This summary was AI-generated, AI-reviewed and published under COINOTAG editorial oversight.
UNI News
Uniswap saw its daily active trader count jump to roughly 220,000 after its integration with Robinhood Chain went live, according to early on-chain data. The figure marks more than a tenfold increase from the prior week and coincided with cumulative Uniswap volume on Robinhood Chain reaching about 1 billion dollars. The move stitched Robinhood’s large retail user base directly into Uniswap’s on-chain liquidity, accelerating the shift from centralized order books toward decentralized venues. As a leading AMM, Uniswap lets users swap tokens without an intermediary, and the surge underscores how quickly a mainstream fintech funnel can reshape decentralized exchange activity.

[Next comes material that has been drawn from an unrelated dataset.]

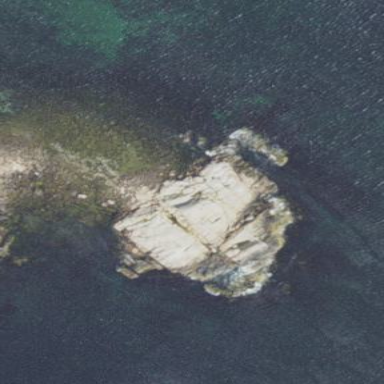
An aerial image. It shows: Island with natural coastline.

Governance attention around Uniswap centered on a fresh proposal to extend the protocol’s UNIfication fee-burn program to v4 pools. The plan would broaden the mechanism that routes a share of protocol fees toward buying and burning UNI, while adjusting fee tiers across pools. Extending the burn to v4 — the latest iteration of the automated market maker architecture built around hooks and singleton contracts — would tie more of the protocol’s trading throughput to reduced UNI supply. Supporters argue the change aligns fee capture with token value, while the community continues to debate the precise rate parameters before any on-chain vote is finalized.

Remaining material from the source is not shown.